### Goal of the exercise
Could you repeat the records shown below exactly as written?

### Saved entries
####

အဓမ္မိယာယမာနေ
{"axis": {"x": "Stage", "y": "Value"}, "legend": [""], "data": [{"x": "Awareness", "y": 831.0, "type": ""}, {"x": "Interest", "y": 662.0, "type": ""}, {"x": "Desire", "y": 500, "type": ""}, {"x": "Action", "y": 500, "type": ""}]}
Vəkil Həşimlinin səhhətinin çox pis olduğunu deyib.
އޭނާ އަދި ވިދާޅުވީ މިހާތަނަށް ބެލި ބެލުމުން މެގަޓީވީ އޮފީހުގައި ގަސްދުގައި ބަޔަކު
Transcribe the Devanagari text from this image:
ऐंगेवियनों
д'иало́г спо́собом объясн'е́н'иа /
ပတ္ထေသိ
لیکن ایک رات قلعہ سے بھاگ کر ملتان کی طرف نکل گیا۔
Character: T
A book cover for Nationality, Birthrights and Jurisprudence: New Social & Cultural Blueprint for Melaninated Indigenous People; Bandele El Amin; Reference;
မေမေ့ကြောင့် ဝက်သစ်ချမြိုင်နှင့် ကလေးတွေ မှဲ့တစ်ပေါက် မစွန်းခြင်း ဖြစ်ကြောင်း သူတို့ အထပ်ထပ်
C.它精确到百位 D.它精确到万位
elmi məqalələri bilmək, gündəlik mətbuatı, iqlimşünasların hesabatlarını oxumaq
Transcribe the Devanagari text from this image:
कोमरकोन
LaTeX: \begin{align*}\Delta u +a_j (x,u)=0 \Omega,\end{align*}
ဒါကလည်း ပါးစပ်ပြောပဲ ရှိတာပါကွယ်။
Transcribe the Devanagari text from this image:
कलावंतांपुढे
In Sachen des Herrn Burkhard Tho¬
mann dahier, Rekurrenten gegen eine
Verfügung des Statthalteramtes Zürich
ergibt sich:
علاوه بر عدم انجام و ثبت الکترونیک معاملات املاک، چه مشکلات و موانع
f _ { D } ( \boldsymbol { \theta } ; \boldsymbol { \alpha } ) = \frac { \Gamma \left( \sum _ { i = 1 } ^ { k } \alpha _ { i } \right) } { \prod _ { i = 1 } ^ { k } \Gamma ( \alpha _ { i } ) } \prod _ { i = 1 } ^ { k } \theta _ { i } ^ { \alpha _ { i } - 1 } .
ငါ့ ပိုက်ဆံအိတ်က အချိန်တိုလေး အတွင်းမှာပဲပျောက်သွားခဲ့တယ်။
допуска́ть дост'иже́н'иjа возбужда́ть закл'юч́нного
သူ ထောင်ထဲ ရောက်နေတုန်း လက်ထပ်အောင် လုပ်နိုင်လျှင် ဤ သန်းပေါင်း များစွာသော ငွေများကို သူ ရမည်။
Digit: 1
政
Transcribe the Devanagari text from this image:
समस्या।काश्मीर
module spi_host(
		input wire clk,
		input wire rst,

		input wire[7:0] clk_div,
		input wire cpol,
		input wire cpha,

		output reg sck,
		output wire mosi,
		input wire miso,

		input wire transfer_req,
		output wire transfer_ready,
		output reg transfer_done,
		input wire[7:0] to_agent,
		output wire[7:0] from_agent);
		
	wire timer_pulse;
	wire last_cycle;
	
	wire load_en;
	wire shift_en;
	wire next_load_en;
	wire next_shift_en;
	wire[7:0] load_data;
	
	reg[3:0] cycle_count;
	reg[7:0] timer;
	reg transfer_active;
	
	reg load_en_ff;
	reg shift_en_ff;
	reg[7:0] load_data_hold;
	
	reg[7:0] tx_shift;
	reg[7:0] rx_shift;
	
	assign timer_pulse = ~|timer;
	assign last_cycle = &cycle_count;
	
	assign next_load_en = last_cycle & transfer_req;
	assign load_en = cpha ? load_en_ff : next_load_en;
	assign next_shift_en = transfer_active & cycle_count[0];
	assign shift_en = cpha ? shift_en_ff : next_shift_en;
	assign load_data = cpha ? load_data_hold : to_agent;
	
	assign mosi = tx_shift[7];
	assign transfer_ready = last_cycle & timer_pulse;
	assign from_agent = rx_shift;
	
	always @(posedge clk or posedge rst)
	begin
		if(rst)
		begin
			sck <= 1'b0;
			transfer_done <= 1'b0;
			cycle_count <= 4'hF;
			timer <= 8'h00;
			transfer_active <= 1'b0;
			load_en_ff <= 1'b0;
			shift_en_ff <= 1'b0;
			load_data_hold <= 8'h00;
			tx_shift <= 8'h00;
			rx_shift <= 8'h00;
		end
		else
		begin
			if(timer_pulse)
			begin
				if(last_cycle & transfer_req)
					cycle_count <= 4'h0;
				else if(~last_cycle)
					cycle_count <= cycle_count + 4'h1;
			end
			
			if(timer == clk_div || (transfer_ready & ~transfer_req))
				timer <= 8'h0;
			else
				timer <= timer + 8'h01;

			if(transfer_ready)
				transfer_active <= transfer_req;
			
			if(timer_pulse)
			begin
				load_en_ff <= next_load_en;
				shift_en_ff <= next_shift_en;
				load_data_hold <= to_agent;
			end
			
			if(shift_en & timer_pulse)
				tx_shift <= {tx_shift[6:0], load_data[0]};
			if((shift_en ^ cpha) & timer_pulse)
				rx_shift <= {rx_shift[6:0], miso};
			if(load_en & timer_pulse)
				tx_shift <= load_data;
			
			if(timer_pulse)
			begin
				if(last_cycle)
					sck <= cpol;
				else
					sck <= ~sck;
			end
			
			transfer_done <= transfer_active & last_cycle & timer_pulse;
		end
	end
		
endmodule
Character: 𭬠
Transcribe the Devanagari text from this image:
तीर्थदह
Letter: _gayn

####

### Answer box
အဓမ္မိယာယမာနေ
{"axis": {"x": "Stage", "y": "Value"}, "legend": [""], "data": [{"x": "Awareness", "y": 831.0, "type": ""}, {"x": "Interest", "y": 662.0, "type": ""}, {"x": "Desire", "y": 500, "type": ""}, {"x": "Action", "y": 500, "type": ""}]}
Vəkil Həşimlinin səhhətinin çox pis olduğunu deyib.
އޭނާ އަދި ވިދާޅުވީ މިހާތަނަށް ބެލި ބެލުމުން މެގަޓީވީ އޮފީހުގައި ގަސްދުގައި ބަޔަކު
Transcribe the Devanagari text from this image:
ऐंगेवियनों
д'иало́г спо́собом объясн'е́н'иа /
ပတ္ထေသိ
لیکن ایک رات قلعہ سے بھاگ کر ملتان کی طرف نکل گیا۔
Character: T
A book cover for Nationality, Birthrights and Jurisprudence: New Social & Cultural Blueprint for Melaninated Indigenous People; Bandele El Amin; Reference;
မေမေ့ကြောင့် ဝက်သစ်ချမြိုင်နှင့် ကလေးတွေ မှဲ့တစ်ပေါက် မစွန်းခြင်း ဖြစ်ကြောင်း သူတို့ အထပ်ထပ်
C.它精确到百位 D.它精确到万位
elmi məqalələri bilmək, gündəlik mətbuatı, iqlimşünasların hesabatlarını oxumaq
Transcribe the Devanagari text from this image:
कोमरकोन
LaTeX: \begin{align*}\Delta u +a_j (x,u)=0 \Omega,\end{align*}
ဒါကလည်း ပါးစပ်ပြောပဲ ရှိတာပါကွယ်။
Transcribe the Devanagari text from this image:
कलावंतांपुढे
In Sachen des Herrn Burkhard Tho¬
mann dahier, Rekurrenten gegen eine
Verfügung des Statthalteramtes Zürich
ergibt sich:
علاوه بر عدم انجام و ثبت الکترونیک معاملات املاک، چه مشکلات و موانع
f _ { D } ( \boldsymbol { \theta } ; \boldsymbol { \alpha } ) = \frac { \Gamma \left( \sum _ { i = 1 } ^ { k } \alpha _ { i } \right) } { \prod _ { i = 1 } ^ { k } \Gamma ( \alpha _ { i } ) } \prod _ { i = 1 } ^ { k } \theta _ { i } ^ { \alpha _ { i } - 1 } .
ငါ့ ပိုက်ဆံအိတ်က အချိန်တိုလေး အတွင်းမှာပဲပျောက်သွားခဲ့တယ်။
допуска́ть дост'иже́н'иjа возбужда́ть закл'юч́нного
သူ ထောင်ထဲ ရောက်နေတုန်း လက်ထပ်အောင် လုပ်နိုင်လျှင် ဤ သန်းပေါင်း များစွာသော ငွေများကို သူ ရမည်။
Digit: 1
政
Transcribe the Devanagari text from this image:
समस्या।काश्मीर
module spi_host(
		input wire clk,
		input wire rst,

		input wire[7:0] clk_div,
		input wire cpol,
		input wire cpha,

		output reg sck,
		output wire mosi,
		input wire miso,

		input wire transfer_req,
		output wire transfer_ready,
		output reg transfer_done,
		input wire[7:0] to_agent,
		output wire[7:0] from_agent);
		
	wire timer_pulse;
	wire last_cycle;
	
	wire load_en;
	wire shift_en;
	wire next_load_en;
	wire next_shift_en;
	wire[7:0] load_data;
	
	reg[3:0] cycle_count;
	reg[7:0] timer;
	reg transfer_active;
	
	reg load_en_ff;
	reg shift_en_ff;
	reg[7:0] load_data_hold;
	
	reg[7:0] tx_shift;
	reg[7:0] rx_shift;
	
	assign timer_pulse = ~|timer;
	assign last_cycle = &cycle_count;
	
	assign next_load_en = last_cycle & transfer_req;
	assign load_en = cpha ? load_en_ff : next_load_en;
	assign next_shift_en = transfer_active & cycle_count[0];
	assign shift_en = cpha ? shift_en_ff : next_shift_en;
	assign load_data = cpha ? load_data_hold : to_agent;
	
	assign mosi = tx_shift[7];
	assign transfer_ready = last_cycle & timer_pulse;
	assign from_agent = rx_shift;
	
	always @(posedge clk or posedge rst)
	begin
		if(rst)
		begin
			sck <= 1'b0;
			transfer_done <= 1'b0;
			cycle_count <= 4'hF;
			timer <= 8'h00;
			transfer_active <= 1'b0;
			load_en_ff <= 1'b0;
			shift_en_ff <= 1'b0;
			load_data_hold <= 8'h00;
			tx_shift <= 8'h00;
			rx_shift <= 8'h00;
		end
		else
		begin
			if(timer_pulse)
			begin
				if(last_cycle & transfer_req)
					cycle_count <= 4'h0;
				else if(~last_cycle)
					cycle_count <= cycle_count + 4'h1;
			end
			
			if(timer == clk_div || (transfer_ready & ~transfer_req))
				timer <= 8'h0;
			else
				timer <= timer + 8'h01;

			if(transfer_ready)
				transfer_active <= transfer_req;
			
			if(timer_pulse)
			begin
				load_en_ff <= next_load_en;
				shift_en_ff <= next_shift_en;
				load_data_hold <= to_agent;
			end
			
			if(shift_en & timer_pulse)
				tx_shift <= {tx_shift[6:0], load_data[0]};
			if((shift_en ^ cpha) & timer_pulse)
				rx_shift <= {rx_shift[6:0], miso};
			if(load_en & timer_pulse)
				tx_shift <= load_data;
			
			if(timer_pulse)
			begin
				if(last_cycle)
					sck <= cpol;
				else
					sck <= ~sck;
			end
			
			transfer_done <= transfer_active & last_cycle & timer_pulse;
		end
	end
		
endmodule
Character: 𭬠
Transcribe the Devanagari text from this image:
तीर्थदह
Letter: _gayn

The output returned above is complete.